Building an enterprise Natural Language Search Engine with ElasticSearch and Facebook’s DrQA

06/17/2019 - 15:20 to 16:00

Kesselhaus

long talk (40 min)

Intermediate

Session abstract:

Modern search engines leverage Natural Language Processing (NLP) and Machine Learning (ML) to improve relevance of results. In this presentation, we focus on the specific field of ‘Enterprise Search’, whose primary goal is to make domain specific company data and documents readily accessible to employees to improve their productivity and promote collaboration. Indeed, any large organization produces vast amounts of documentation about their specific systems, technologies and processes. The question then is - “How can we speed up search-driven activities and enhance user experience for the enterprise?”

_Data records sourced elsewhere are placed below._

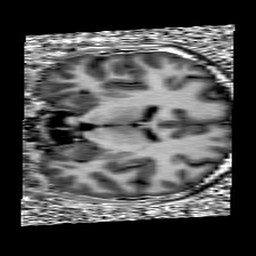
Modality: UNIT1
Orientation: coronal
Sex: male
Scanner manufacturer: siemens
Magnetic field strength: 3 T
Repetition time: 5 s
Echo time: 0.00355 s
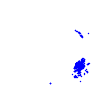
Particle: electron
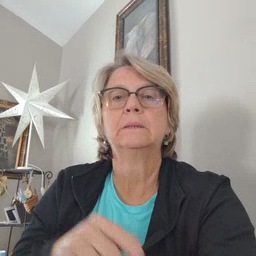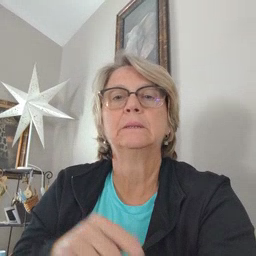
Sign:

Facebook AI research team has developed and open sourced a tool to answer questions by reading Wikipedia articles, called DrQA (Chen, et al. 2017). DrQA is based on a 2-stage Q&A pipeline: (i) Retriever: retrieve the top-k relevant documents (pages), followed by (ii) Reader: determining the most relevant answer span among the retrieved documents (pages). We applied it on an enterprise use-case to search over machine manuals used by factory operators.

We present an architecture integrating ElasticSearch in the DrQA pipeline, which has been contributed upstream and is now available from the official DrQA github repository (https://github.com/facebookresearch/DrQA). The end result is a very scalable search engine that can be deployed on any document repository in your enterprise containing Microsoft Office docs, ppts, emails, pdf documents, etc. Simply point it to your ElasticSearch index and it will be able to provide ‘very precise’ answers based on your documents, thanks to the pre-trained Deep Learning Q&A model of DrQA. We discuss the learnings along the creation and the limitations of such an engine, e.g. scenarios where it excels by identifying precise answers and how it performs compared to a non-ML approach or a typical keyword based search.